Listed records:
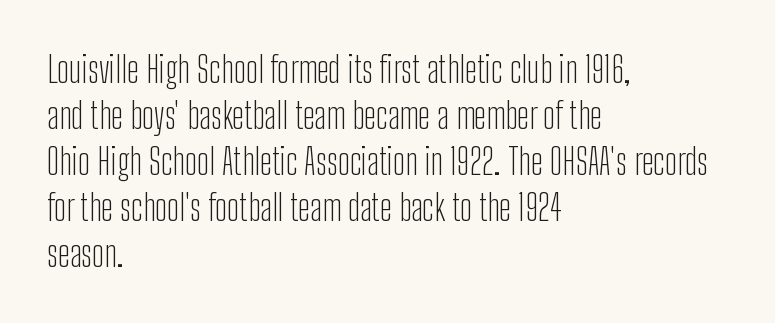
The image shows 36 px light, condensed sans-serif type, upright; set left-aligned, normal line spacing (1.28x), normal letter spacing, not underlined; low stroke contrast and a medium x-height.
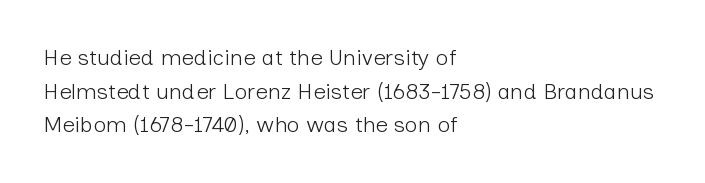
Q: Is the text bold? A: No.
Q: Is the text italic (slanted)? A: No, it is upright.
Q: Is the text underlined? A: No.
Q: How is the paragraph aligned? A: Left-aligned.
Q: Is the spacing between letters normal or unusually wide? A: Normal.
Q: Is the spacing between lines tight, normal or loose? A: Normal.
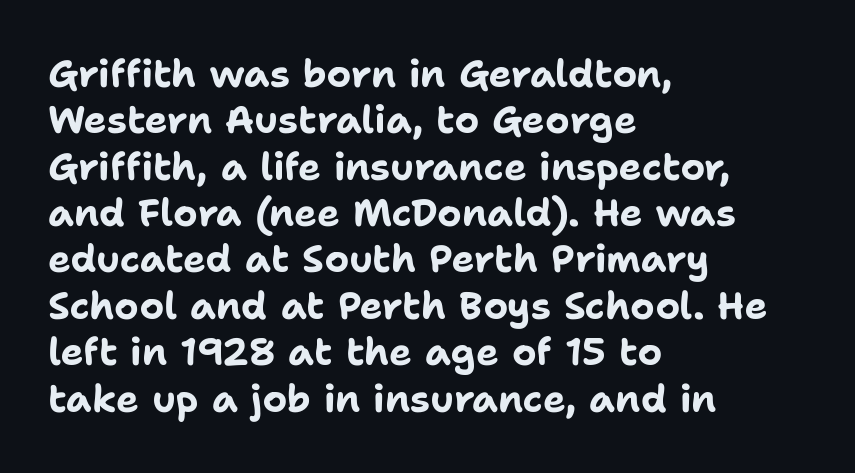
Q: Is the text bold? A: Yes.
Q: Is the text italic (slanted)? A: No, it is upright.
Q: Is the typeface a serif or a sans-serif typeface? A: Sans-serif.
Q: Is the text underlined? A: No.
Q: How is the paragraph aligned? A: Left-aligned.
Q: Is the spacing between letters normal or unusually wide? A: Normal.
Q: Width (condensed, normal, or wide)? A: Normal.
Q: Stroke contrast? A: Low.
Q: x-height? A: Medium.
Q: Monospaced? A: No.
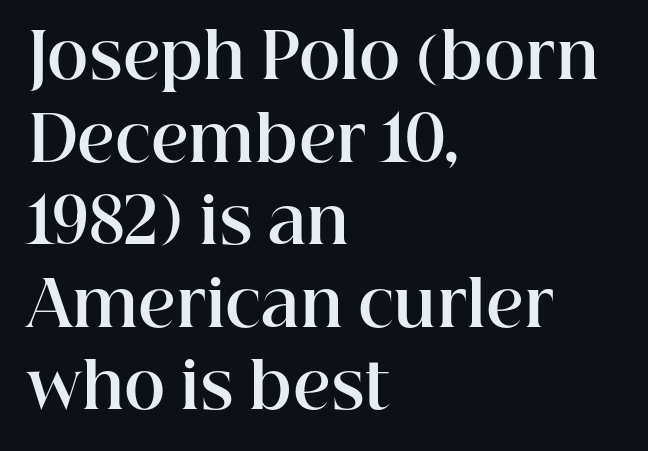
{"serif": "yes", "italic": "no", "bold": "yes", "weight": "bold", "width": "normal", "stroke_contrast": "high", "x_height": "medium", "monospaced": "no", "underline": "no", "align": "left", "line_spacing": "normal", "line_spacing_ratio": 1.31, "letter_spacing": "normal", "letter_spacing_em": 0.0, "glyph_px": 63}

Exercise: Your task is to retype exactly, and only, the lines from the one that holds "Q: Monospaced? A: No." through the end of the listing, both end lines included, without any pictures.

Answer to this problem:
Q: Monospaced? A: No.
{"serif": "yes", "italic": "no", "bold": "yes", "weight": "bold", "width": "normal", "stroke_contrast": "high", "x_height": "medium", "monospaced": "no", "underline": "no", "align": "left", "line_spacing": "normal", "line_spacing_ratio": 1.31, "letter_spacing": "normal", "letter_spacing_em": 0.0, "glyph_px": 63}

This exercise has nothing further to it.